10% Fees

1/13/2026

10% Fees

What It Means

The White House announced on January 10, 2026 that he is calling for a one-year cap on credit card interest rates at 10%, effective January 20, 2026 (the anniversary of his second inauguration). While often described as a "credit card fee cap," this proposal actually targets the interest rates (APRs) that card issuers can charge borrowers, not the interchange fees that merchants pay on transactions.

A 10% Interest Rate Cap, Not a Merchant Fee Reduction

Under the proposal, credit card interest rates would be capped at 10% APR for one year—distinct from interchange fees (the "swipe fees" merchants pay, typically 1.5%–3% of transaction value). As of January 2026, average credit card interest rates stand at approximately 19.7% to 23.8% depending on the source, with rates for subprime borrowers and store cards often reaching 28-36%. A 10% cap would represent more than a 50% reduction from current average rates. The policy would require congressional legislation or regulatory action, as the president does not have unilateral authority to impose such a cap, though US President Donald Trump stated companies would be "in violation of the law" if they don't comply by his deadline.

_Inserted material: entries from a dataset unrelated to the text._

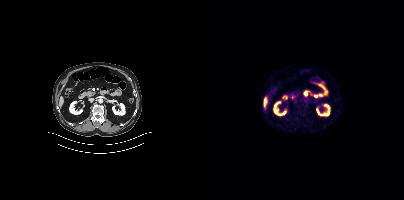
Negative for PSMA-avid disease on this slice.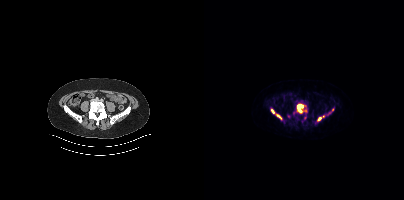
Coordinates are on the 200×200 PET (right) panel. PSMA-avid tumor lesion bounding boxes (x0, y0)-(x1, y1): (93, 104)-(99, 112) | (113, 115)-(120, 121) | (72, 114)-(77, 119) | (67, 109)-(70, 113). Small PSMA-avid focus (2 to 4 px across) near (center x, center y): (128, 109). Left: CT. Right: PSMA PET, same axial level, 18F tracer. PET panel 200×200 px (4.1 mm/px).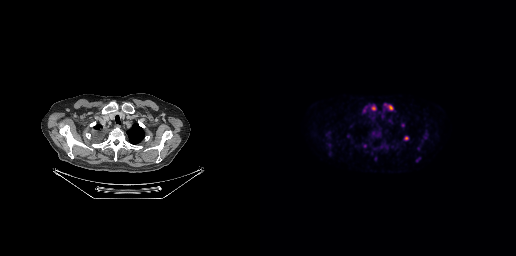
Two-panel axial: CT | PSMA PET, 18F tracer. Acquired on GE Discovery 690. Slice 245 of 299.
Coordinates are on the 256×256 PET (right) panel. PSMA-avid tumor lesion bounding boxes (partial; 2 more foci not listed):
| # | x0 | y0 | x1 | y1 |
|---|---|---|---|---|
| 1 | 123 | 105 | 133 | 111 |
| 2 | 112 | 106 | 115 | 110 |
| 3 | 144 | 136 | 148 | 139 |
| 4 | 156 | 158 | 160 | 161 |
Small PSMA-avid foci (2 to 4 px across) near (center x, center y): (143, 125); (122, 116); (158, 148); (129, 120).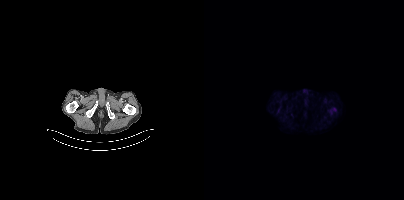
Paired axial CT (left) and PSMA PET (right), 18F tracer. Acquired on Siemens Biograph mCT Flow 20. Slice position z = -56 mm. PET panel 200×200 px (4.1 mm/px). No PSMA-avid tumor lesions on this slice.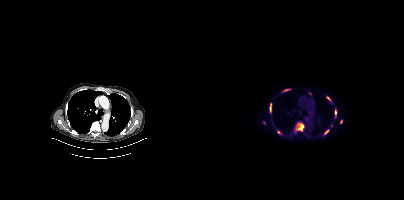
Findings: Coordinates are on the 200×200 PET (right) panel. PSMA-avid tumor lesion bounding boxes (x, y, width, height): x=90 y=123 w=10 h=9; x=66 y=103 w=2 h=11; x=122 y=96 w=5 h=5; x=79 y=89 w=6 h=3; x=120 y=130 w=5 h=5; x=131 y=110 w=2 h=5. Small PSMA-avid foci (2 to 4 px across) near (center x, center y): (137, 121); (75, 132); (127, 125).
Technique: Paired axial CT (left) and PSMA PET (right), 68Ga-PSMA tracer. acquired on Siemens Biograph mCT Flow 20.

Winners, Losers, and Business Model Shifts

  • For Consumers: The cap could save Americans approximately $100 billion annually according to research from Vanderbilt University's Policy Accelerator, with cardholders carrying the average $7,000 balance potentially saving over $2,300 in interest charges over the payoff period. However, issuers are expected to respond by tightening lending standards for borrowers with credit scores below 600, reducing or eliminating rewards programs, and potentially charging higher annual fees to offset lost revenue. 
     
  • For Banks: Credit card interest income represents a substantial portion of consumer banking revenue, and analysts project the cap would reduce earnings by 20-40% for card-heavy portfolios, forcing banks to adapt through increased emphasis on transaction fees, cost optimization, or exiting certain customer segments—with regional banks facing particularly acute pressure. 
     
  • For Merchants: Minimal direct impact since the proposal targets consumer interest rates rather than merchant interchange fees.

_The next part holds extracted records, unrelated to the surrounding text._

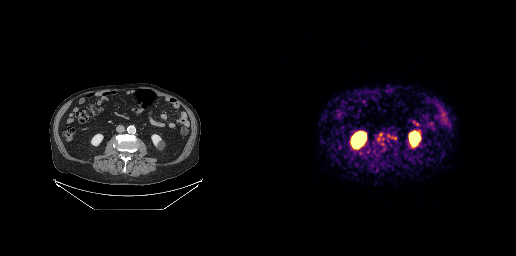
Coordinates are on the 256×256 PET (right) panel. (showing 1 of 2 foci) Small PSMA-avid focus (2 to 4 px across) near (center x, center y): (120, 134).
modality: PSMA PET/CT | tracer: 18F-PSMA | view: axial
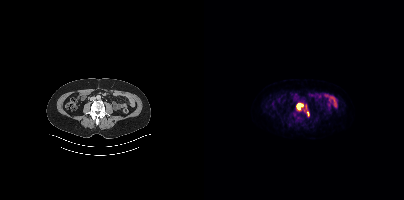
Coordinates are on the 200×200 PET (right) panel. PSMA-avid tumor lesion bounding box (x0, y0)-(x1, y1): (92, 103)-(99, 109). Small PSMA-avid focus (2 to 4 px across) near (center x, center y): (103, 113).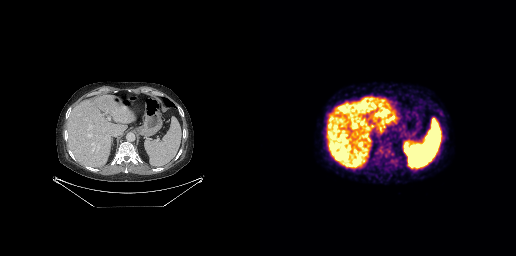
Findings: No PSMA-avid tumor lesions on this slice.
- Paired axial CT (left) and PSMA PET (right), 18F-PSMA tracer
- acquired on GE Discovery 690
- slice 255 of 371
- PET panel 256×256 px (2.7 mm/px)
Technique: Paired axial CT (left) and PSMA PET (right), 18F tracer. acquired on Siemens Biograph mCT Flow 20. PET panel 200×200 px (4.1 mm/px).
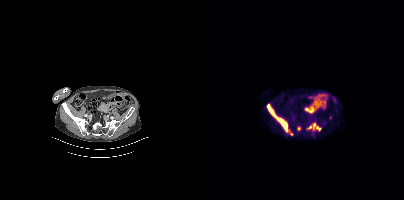
Findings: Coordinates are on the 200×200 PET (right) panel. PSMA-avid tumor lesion bounding boxes (x0,y0,x1,y1): [63,104,85,132]; [103,123,117,131]. Small PSMA-avid foci (2 to 4 px across) near (center x, center y): (95, 128); (87, 134); (126, 117).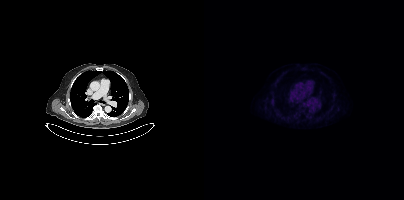
No PSMA-avid tumor lesions on this slice. Two-panel axial: CT | PSMA PET, 18F tracer. Acquired on Siemens Biograph mCT Flow 20. PET panel 200×200 px (4.1 mm/px).

Consumer Protection vs. Market Function

Supporters argue that current rates—which have climbed from 15% pre-pandemic to 20-24% today—impose unsustainable burdens on the 60% of cardholders carrying balances, with Americans assessed $160 billion in interest charges in 2024 alone, and they point to successful rate caps in France and Germany as evidence that consumer protection and functional credit markets can coexist. 

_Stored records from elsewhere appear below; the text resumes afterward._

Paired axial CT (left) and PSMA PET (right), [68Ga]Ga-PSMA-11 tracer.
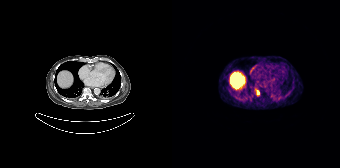
Coordinates are on the 168×168 PET (right) panel. PSMA-avid tumor lesion bounding boxes:
| # | x0 | y0 | x1 | y1 |
|---|---|---|---|---|
| 1 | 84 | 90 | 87 | 94 |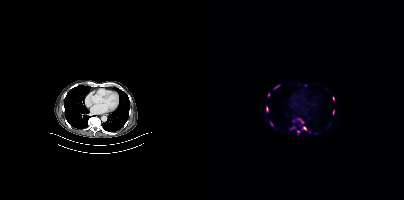
Coordinates are on the 200×200 PET (right) panel. PSMA-avid tumor lesion bounding boxes:
| # | x0 | y0 | x1 | y1 |
|---|---|---|---|---|
| 1 | 97 | 126 | 102 | 130 |
| 2 | 94 | 118 | 99 | 124 |
| 3 | 62 | 106 | 64 | 112 |
| 4 | 86 | 126 | 90 | 129 |
| 5 | 93 | 130 | 96 | 134 |
| 6 | 129 | 110 | 130 | 114 |
Small PSMA-avid foci (2 to 4 px across) near (center x, center y): (64, 94); (129, 98); (67, 124); (72, 86).
Two-panel axial: CT | PSMA PET, 18F-PSMA tracer. Acquired on Siemens Biograph mCT Flow 20. PET panel 200×200 px (4.1 mm/px).
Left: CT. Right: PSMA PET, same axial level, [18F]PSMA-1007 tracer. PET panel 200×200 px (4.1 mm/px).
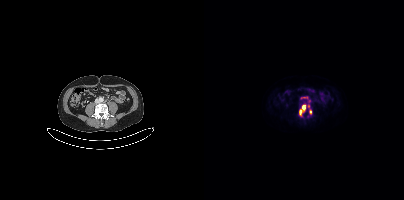
Coordinates are on the 200×200 PET (right) panel. PSMA-avid tumor lesion bounding boxes (x, y, width, height): x=98 y=105 w=11 h=9 / x=96 y=110 w=2 h=5. Small PSMA-avid foci (2 to 4 px across) near (center x, center y): (98, 97) / (102, 97) / (105, 100).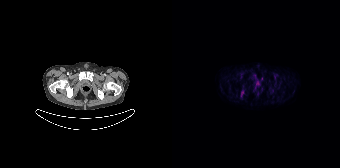
Negative for PSMA-avid disease on this slice.
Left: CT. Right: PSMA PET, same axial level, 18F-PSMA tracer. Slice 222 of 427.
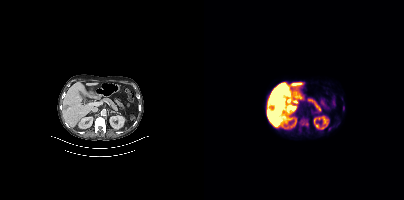
Coordinates are on the 200×200 PET (right) panel. PSMA-avid tumor lesion bounding boxes (partial; 1 more focus not listed):
| # | x0 | y0 | x1 | y1 |
|---|---|---|---|---|
| 1 | 95 | 118 | 104 | 127 |
| 2 | 138 | 105 | 140 | 109 |
Small PSMA-avid focus (2 to 4 px across) near (center x, center y): (138, 98).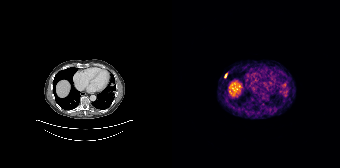
{"modality":"PSMA PET/CT","view":"axial","tracer":"68Ga-PSMA","pet_grid":[168,168],"coord_frame":"pet_panel","coord_format":"x0,y0,x1,y1","lesion_bboxes":[],"small_foci_centers":[[53,75]]}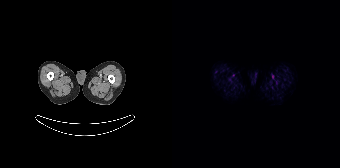
No PSMA-avid tumor lesions on this slice.
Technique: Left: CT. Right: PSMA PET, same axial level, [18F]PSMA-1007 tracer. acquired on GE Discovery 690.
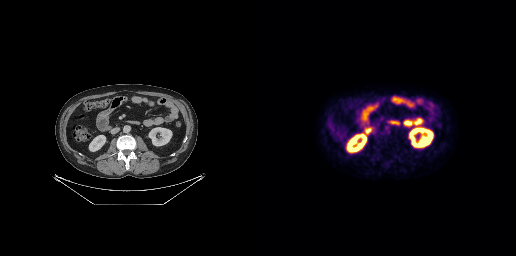
Findings: No PSMA-avid tumor lesions on this slice.

Critics respond that rate caps would force lenders to stop serving higher-risk borrowers who cannot be profitably served at 10%, potentially pushing consumers toward less-regulated alternatives like payday loans, and they cite Arkansas's 17% cap as evidence that strict limits may cut off lower-income individuals from credit markets while arguing that market competition provides the most effective path to affordable credit.

Balancing Consumer Relief with Market Access

A 10% cap would provide substantial financial relief to the 175 million Americans with credit cards while requiring banks to fundamentally restructure their business models. The policy presents a tradeoff between affordability for current cardholders and credit availability for higher-risk borrowers, particularly those with credit scores below 600. With significant uncertainty around enforcement mechanisms and whether 10% represents a negotiating position, the key question is whether this becomes workable legislation or serves primarily as political pressure to encourage industry compromise.